____ EXCERPTED RECORDS
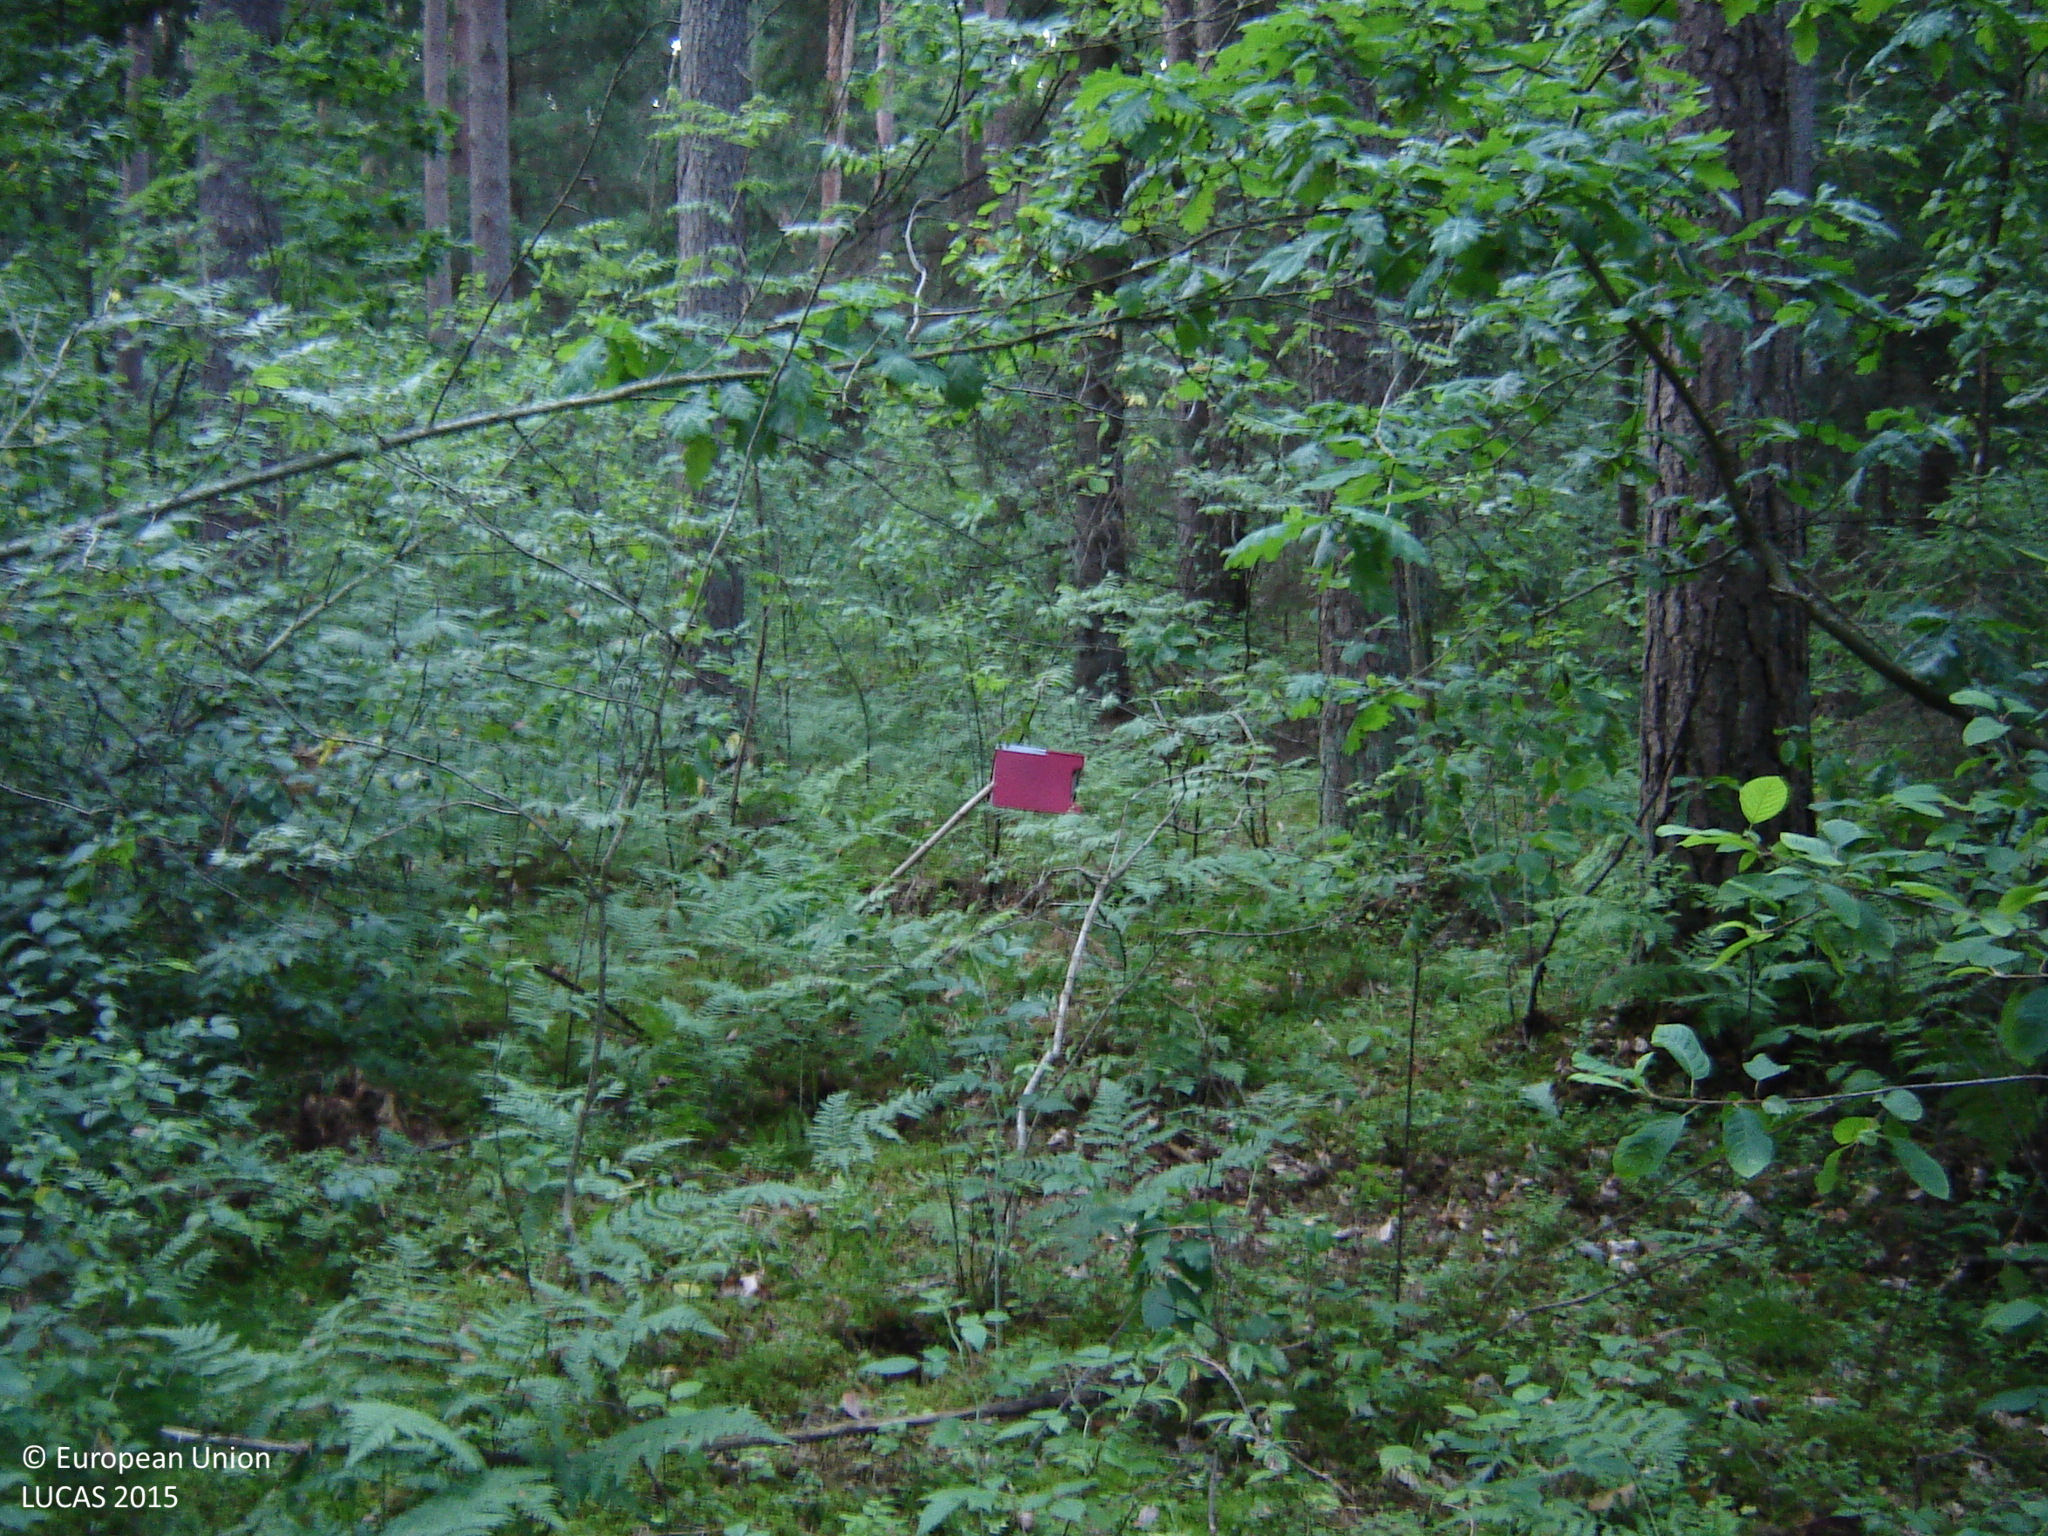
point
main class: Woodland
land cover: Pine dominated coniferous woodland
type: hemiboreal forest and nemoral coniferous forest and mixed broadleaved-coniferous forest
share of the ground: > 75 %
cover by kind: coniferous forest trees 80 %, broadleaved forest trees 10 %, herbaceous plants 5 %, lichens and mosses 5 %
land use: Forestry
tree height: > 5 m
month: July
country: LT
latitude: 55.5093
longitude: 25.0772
________
_WHAT IS NEEDED:_
Leaving out the pictures, print every record exactly as written.

_SOLUTION TO THIS EXERCISE:_
point
main class: Woodland
land cover: Pine dominated coniferous woodland
type: hemiboreal forest and nemoral coniferous forest and mixed broadleaved-coniferous forest
share of the ground: > 75 %
cover by kind: coniferous forest trees 80 %, broadleaved forest trees 10 %, herbaceous plants 5 %, lichens and mosses 5 %
land use: Forestry
tree height: > 5 m
month: July
country: LT
latitude: 55.5093
longitude: 25.0772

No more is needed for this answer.